::: DATA SUPPLIED
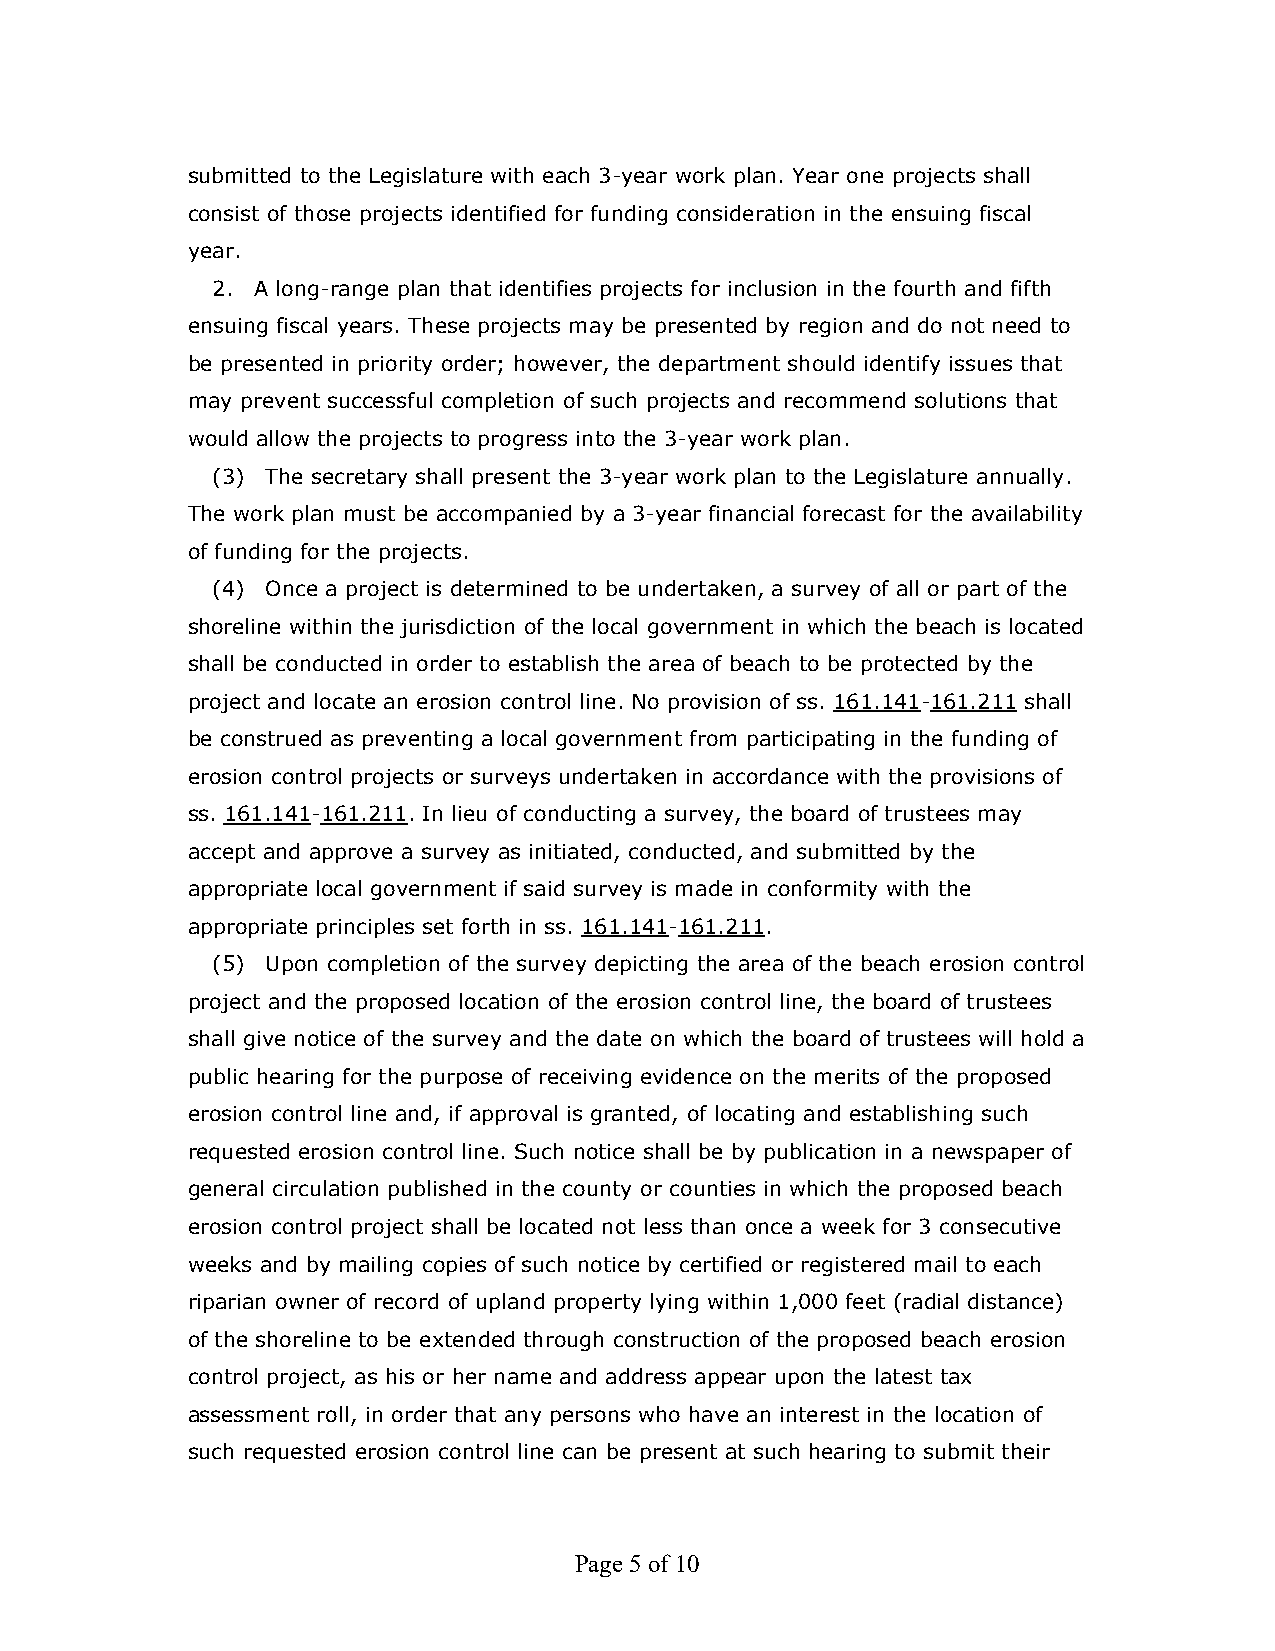
submitted to the Legislature with each 3-year work plan. Year one projects shall
 consist of those projects identified for funding consideration in the ensuing fiscal
 year.
 2. A long-range plan that identifies projects for inclusion in the fourth and fifth
 ensuing fiscal years. These projects may be presented by region and do not need to
 be presented in priority order; however, the department should identify issues that
 may prevent successful completion of such projects and recommend solutions that
 would allow the projects to progress into the 3-year work plan.
 (3) The secretary shall present the 3-year work plan to the Legislature annually.
 The work plan must be accompanied by a 3-year financial forecast for the availability
 of funding for the projects.
 (4) Once a project is determined to be undertaken, a survey of all or part of the
 shoreline within the jurisdiction of the local government in which the beach is located
 shall be conducted in order to establish the area of beach to be protected by the
 project and locate an erosion control line. No provision of ss. 161.141-161.211 shall
 be construed as preventing a local government from participating in the funding of
 erosion control projects or surveys undertaken in accordance with the provisions of
 ss. 161.141-161.211. In lieu of conducting a survey, the board of trustees may
 accept and approve a survey as initiated, conducted, and submitted by the
 appropriate local government if said survey is made in conformity with the
 appropriate principles set forth in ss. 161.141-161.211.
 (5) Upon completion of the survey depicting the area of the beach erosion control
 project and the proposed location of the erosion control line, the board of trustees
 shall give notice of the survey and the date on which the board of trustees will hold a
 public hearing for the purpose of receiving evidence on the merits of the proposed
 erosion control line and, if approval is granted, of locating and establishing such
 requested erosion control line. Such notice shall be by publication in a newspaper of
 general circulation published in the county or counties in which the proposed beach
 erosion control project shall be located not less than once a week for 3 consecutive
 weeks and by mailing copies of such notice by certified or registered mail to each
 riparian owner of record of upland property lying within 1,000 feet (radial distance)
 of the shoreline to be extended through construction of the proposed beach erosion
 control project, as his or her name and address appear upon the latest tax
 assessment roll, in order that any persons who have an interest in the location of
 such requested erosion control line can be present at such hearing to submit their
 Page 5 of 10
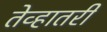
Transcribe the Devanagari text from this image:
तेव्हातरी
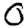
Digit: 0
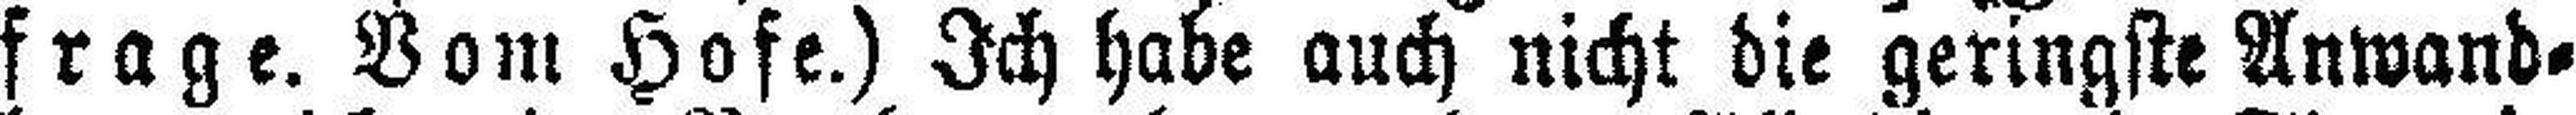
frage. Vom Hofe.) Ich habe auch nicht die geringste Anwand¬
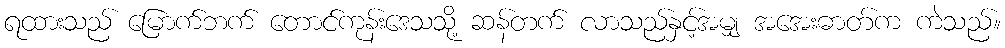
ရထားသည် မြောက်ဘက် တောင်ကုန်းဒေသသို့ ဆန်တက် လာသည်နှင့်အမျှ အအေးဓာတ်က ကဲသည်။
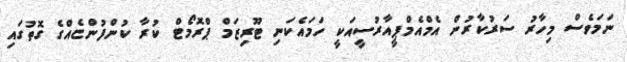
ނަމަވެސް މިހާރު ސަރުކާރުން އެމްއެމްޕީއާރުސީއަކީ ހަމައެކަނި ޓޫރިޒަމް ޕްރޮމޯޓް ކުރާ ކުންފުންޏެއްގެ ގޮތުގައި
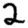
Digit: 2
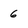
Character: 6
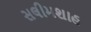
સલીમશાહ
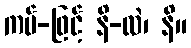
ကပ်-ဖြင့် နိ-လဲ၊ နိ။
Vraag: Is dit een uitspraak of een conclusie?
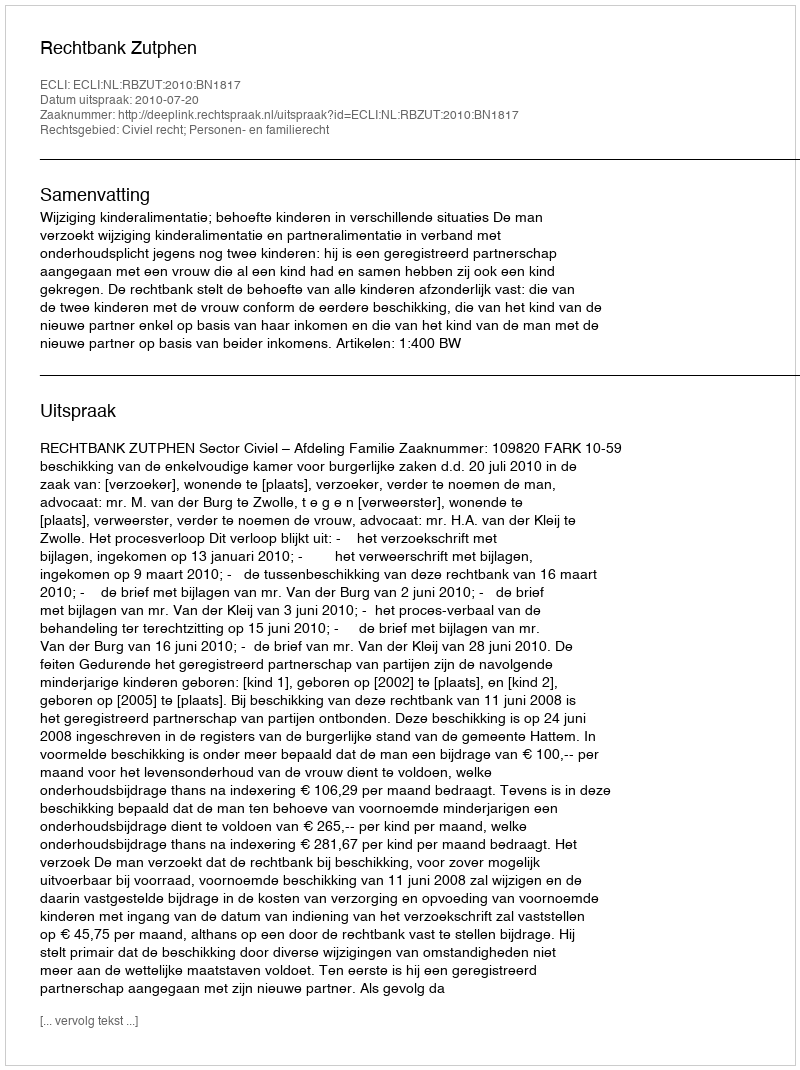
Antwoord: Uitspraak
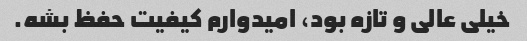
خیلی عالی و تازه بود، امیدوارم کیفیت حفظ بشه.
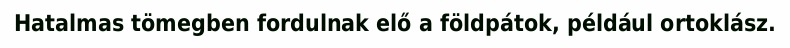
Hatalmas tömegben fordulnak elő a földpátok, például ortoklász.
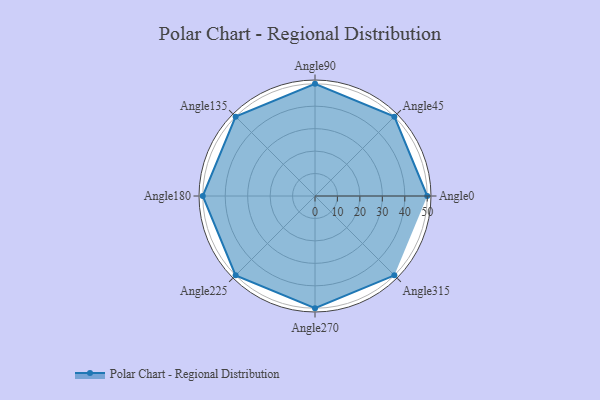
{"axis": {"x": "Angle", "y": "Radius"}, "legend": [""], "data": [{"x": "Angle0", "y": 50, "type": ""}, {"x": "Angle45", "y": 50, "type": ""}, {"x": "Angle90", "y": 50, "type": ""}, {"x": "Angle135", "y": 50, "type": ""}, {"x": "Angle180", "y": 50, "type": ""}, {"x": "Angle225", "y": 50, "type": ""}, {"x": "Angle270", "y": 50, "type": ""}, {"x": "Angle315", "y": 50, "type": ""}]}
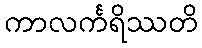
ကာလင်္ကရိဿတိ
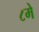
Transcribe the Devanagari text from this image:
८मे
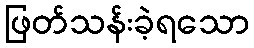
ဖြတ်သန်းခဲ့ရသော
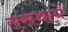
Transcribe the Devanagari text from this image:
संसथायें
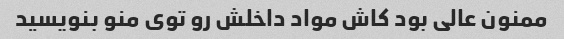
ممنون عالی بود کاش مواد داخلش رو توی منو بنویسید
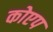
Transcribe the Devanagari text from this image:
कोएप
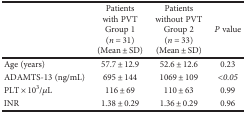
<table><thead><tr><td></td><td><b>Patients with PVTGroup 1 (<i>n</i> = 31)(Mean ± SD)</b></td><td><b>Patients without PVTGroup 2 (<i>n</i> = 33)(Mean ± SD)</b></td><td><b><i>P</i> value</b></td></tr></thead><tbody><tr><td>Age (years)</td><td>57.7 ± 12.9</td><td>52.6 ± 12.6</td><td>0.23</td></tr><tr><td>ADAMTS-13 (ng/mL)</td><td>695 ± 144</td><td>1069 ± 109</td><td><i>&lt;0.05</i></td></tr><tr><td>PLT × 10<sup>3</sup>/<i>μ</i>L</td><td>116 ± 69</td><td>110 ± 63</td><td>0.99</td></tr><tr><td>INR</td><td>1.38 ± 0.29</td><td>1.36 ± 0.29</td><td>0.96</td></tr></tbody></table>
::::::
Only exact lines belong in the answer: those from the beginning of the entries above through the line holding "would allow the", with no pictures.

submitted to the Legislature with each 3-year work plan. Year one projects shall
 consist of those projects identified for funding consideration in the ensuing fiscal
 year.
 2. A long-range plan that identifies projects for inclusion in the fourth and fifth
 ensuing fiscal years. These projects may be presented by region and do not need to
 be presented in priority order; however, the department should identify issues that
 may prevent successful completion of such projects and recommend solutions that
 would allow the projects to progress into the 3-year work plan.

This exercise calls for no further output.